UPDATE: There’s still unease even though SAG and AFTRA rescinded the order to stop its actor members from working on The Hobbit because of a request from sister union New Zealand Actors Equity. The labor settlement doesn’t mean Peter Jackson will move the pictures back to the New Zealand locations that are home to Mordor, Minas Tirith, Isengard, and other Middle Earth locales. Because of all the hard feelings that the local unions created, Warner Bros has been exploring other options, and while Jackson will have a say, the studio could decide to make a move if it gets a better deal someplace else. Now New Zealand prime minister John Key is reaching out for a meeting with Warner Bros to try and keep the films from shooting in another country.

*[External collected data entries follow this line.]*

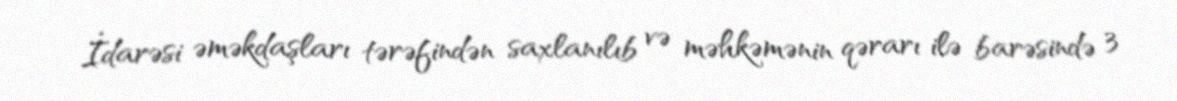
İdarəsi əməkdaşları tərəfindən saxlanılıb və məhkəmənin qərarı ilə barəsində 3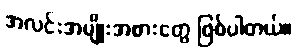
အလင်းအမျိုးအစားတွေ ဖြစ်ပါတယ်။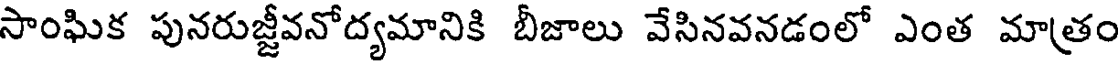
సాంఘిక పునరుజ్జీవనోద్యమానికి బీజాలు వేసినవనడంలో ఎంత మాత్రం

Peter Jackson and his partner Fran Walsh were clearly furious about the aggressive tactics used by the New Zealand Actors Equity and the Australian Media Entertainment and Arts Alliance. Yesterday, between 1,000 and 15,000 technicians and actors opposed to Equity’s actions picketed Equity headquarters last night, and moved that protest to Parliament. Polls conducted by local TV stations and newspapers in New Zealand showed little support for the union tactic, and high level ministers in government came out in support of Jackson. I’d say it’s unlikely that the films actually leave New Zealand. Jackson’s visual effects headquarters and stages were built there using Lord Of The Rings trilogy money. But clearly this is serious stuff. He and Walsh issued this incendiary release last night, before the unions tried to bring the agitation to a halt:
WELLINGTON – Thursday, 21 October 2010: The lifting of the blacklist on The Hobbit does nothing to help the films stay in New Zealand. The damage inflicted on our film industry by NZ Equity/MEAA is long since done.
Next week Warners are coming down to NZ to make arrangements to move the production off-shore. It appears we now cannot make films in our own country – even when substantial financing is available.

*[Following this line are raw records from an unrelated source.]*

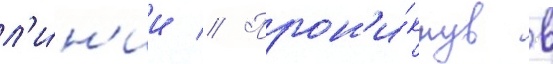
л'и́н'ии // Прон'и́кнув в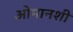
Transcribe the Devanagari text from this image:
ओमानशी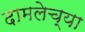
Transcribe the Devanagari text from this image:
दामलेच्या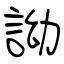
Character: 詏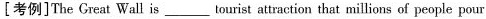
[考例]The Great Wall is\underlinetourist attraction that millions of people pour

The spectacle of NZ Actors’ Equity suddenly cancelling their Wellington meeting, because film workers wanted to express to them their concern at losing The Hobbit, exemplifies the pure gutlessness of this small, self-centred group. They don’t appear to care about the repurcussions of their actions on others, nor are they prepared to take responsibility for decisions made in their name. NZ Equity constantly refer to ‘good faith’ discussions but they have never acted in good faith towards our film.